How can you eat less fat?

  • Fill 3⁄4 of your plate with vegetables, fruits, and whole grains to leave less room for higher fat foods.
  • Read food labels and eat fewer foods made with hydrogenated or partially hydrogenated oils or tropical oils (sources of trans and saturated fats).
  • Replace high fat foods with low or no fat foods:
    • Beans, lentils, and tofu are great lower- fat alternatives to meat.
    • Use dairy products with 1% fat or less.
    • Try low-fat versions of your favourite foods (yogurt, cheese, mayonnaise, salad dressings, margarine, crackers, snacks).
    • Packaged foods (baked goods, dairy products, and prepared foods): Look for the Nutrition Facts table to find the number of grams of fat in each serving of a food.Try low-fat cooking methods

Low-fat cooking methods

  • Broil: Cook fish, meat and poultry under direct heat.
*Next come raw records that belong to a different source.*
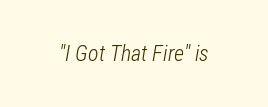
Q: Is the text bold? A: No.
Q: Is the text italic (slanted)? A: Yes, it leans right by about 12 degrees.
Q: Is the text underlined? A: No.
Q: Is the spacing between letters normal or unusually wide? A: Normal.
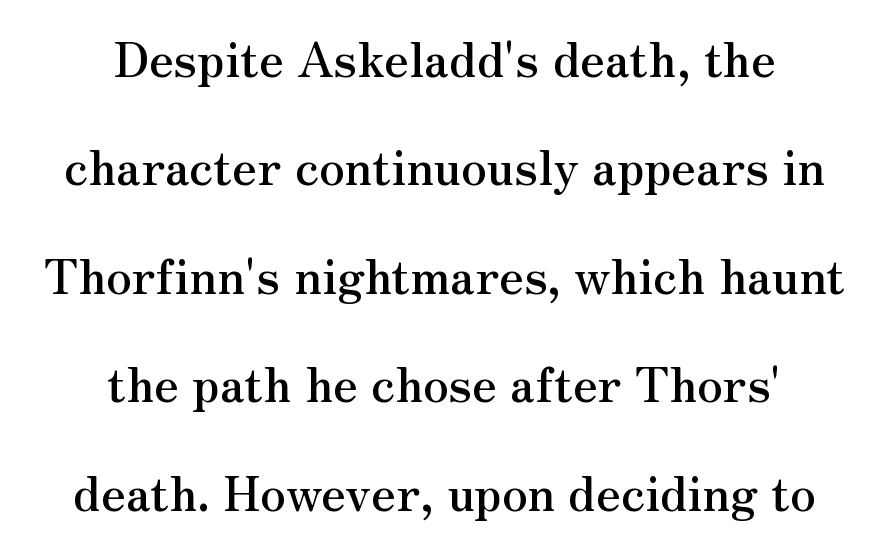
Q: Is the text italic (slanted)? A: No, it is upright.
Q: Is the typeface a serif or a sans-serif typeface? A: Serif.
Q: Is the text underlined? A: No.
Q: How is the paragraph aligned? A: Centered.
Q: Is the spacing between letters normal or unusually wide? A: Normal.
Q: Is the spacing between lines tight, normal or loose? A: Loose.
Q: Width (condensed, normal, or wide)? A: Normal.
Q: Stroke contrast? A: Medium.
Q: x-height? A: Small.
Q: Monospaced? A: No.
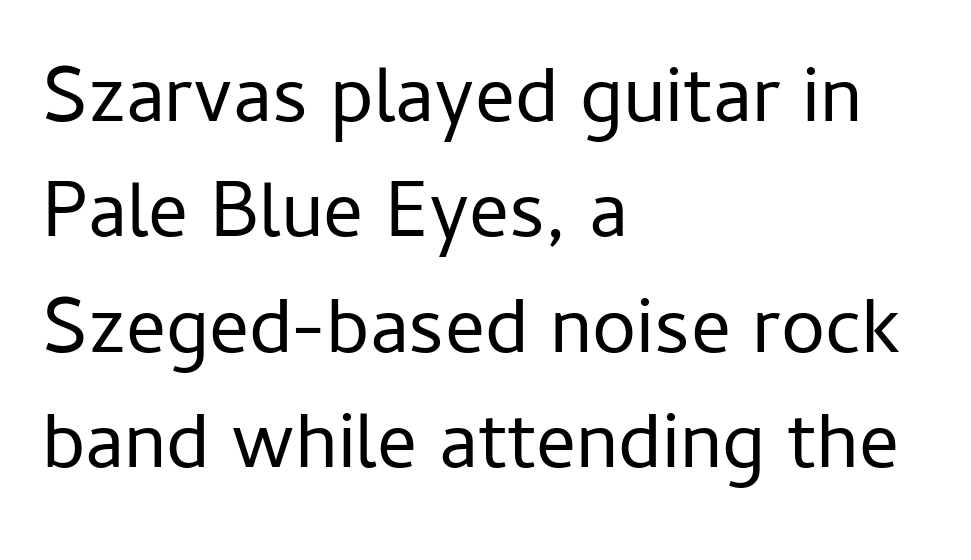
{"serif": "no", "italic": "no", "bold": "no", "weight": "regular", "width": "normal", "stroke_contrast": "low", "x_height": "medium", "monospaced": "no", "underline": "no", "align": "left", "line_spacing": "normal", "line_spacing_ratio": 1.46, "letter_spacing": "normal", "letter_spacing_em": 0.0, "glyph_px": 79}
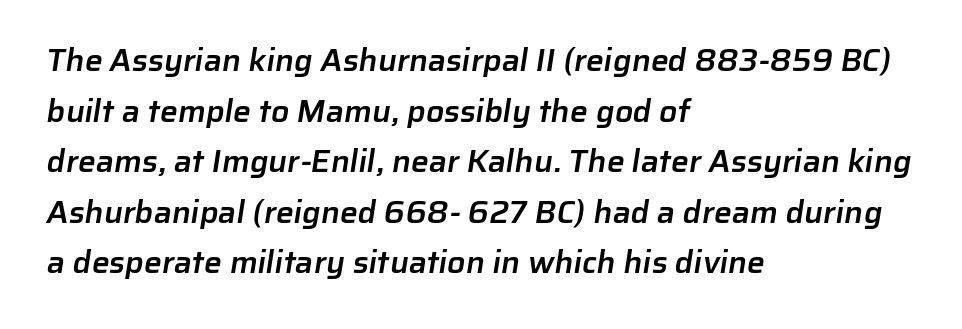
{"serif": "no", "bold": "semi", "weight": "semibold", "width": "normal", "stroke_contrast": "low", "x_height": "medium", "monospaced": "no", "underline": "no", "align": "left", "line_spacing": "normal", "line_spacing_ratio": 1.58, "letter_spacing": "normal", "letter_spacing_em": 0.0, "glyph_px": 32}
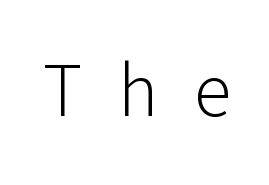
Think of a printed novel: that variable character pitch is what you see here. Quick note: not italic, upright. No letter is thick-stroked: the sample isn't bold. Examine the stroke ends and you'll find no serifs. Glyph-to-glyph distance is far greater than everyday printed text. Anything drawn beneath the words? Only blank space.
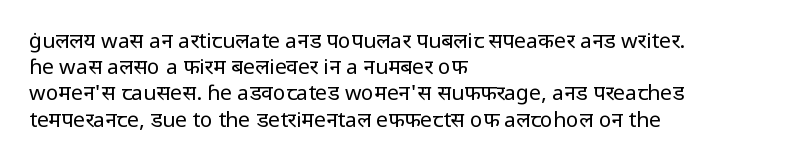
{"italic": "no", "bold": "no", "underline": "no", "align": "left", "line_spacing": "normal", "line_spacing_ratio": 1.25, "letter_spacing": "normal", "letter_spacing_em": 0.0, "glyph_px": 21}
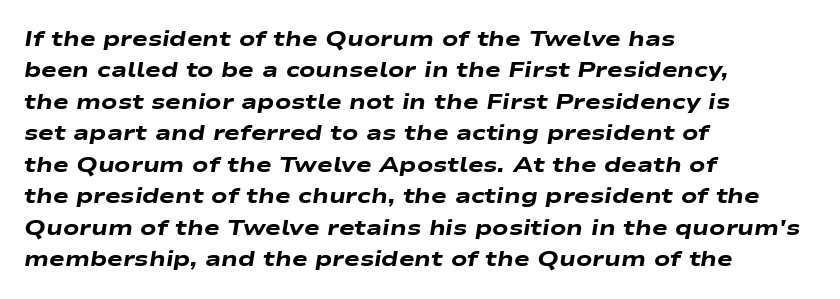
{"italic": "yes", "lean": "right", "slant_degrees": 9, "bold": "yes", "underline": "no", "align": "left", "line_spacing": "normal", "line_spacing_ratio": 1.5, "letter_spacing": "normal", "letter_spacing_em": 0.0, "glyph_px": 21}
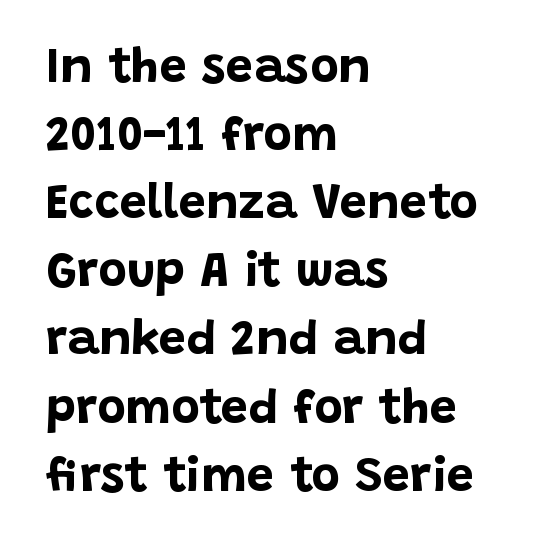
The image shows 49 px bold sans-serif type, upright; set left-aligned, normal line spacing (1.39x), normal letter spacing, not underlined; low stroke contrast and a large x-height.

Let fat drain away.
  • Braise: Tightly cover and cook meat in a small amount of liquid at low heat.
  • Grill: Grill foods on medium heat to avoid charring. Fat will drain away.
  • Poach: Simmer fish, eggs or chicken in a flavored liquid or water.
  • Steam: Use a small amount of water to steam fish, poultry and vegetables.
  • Stir-fry: Cut meat and vegetables into thin strips, lightly oil pan, cook over high heat, stir constantly.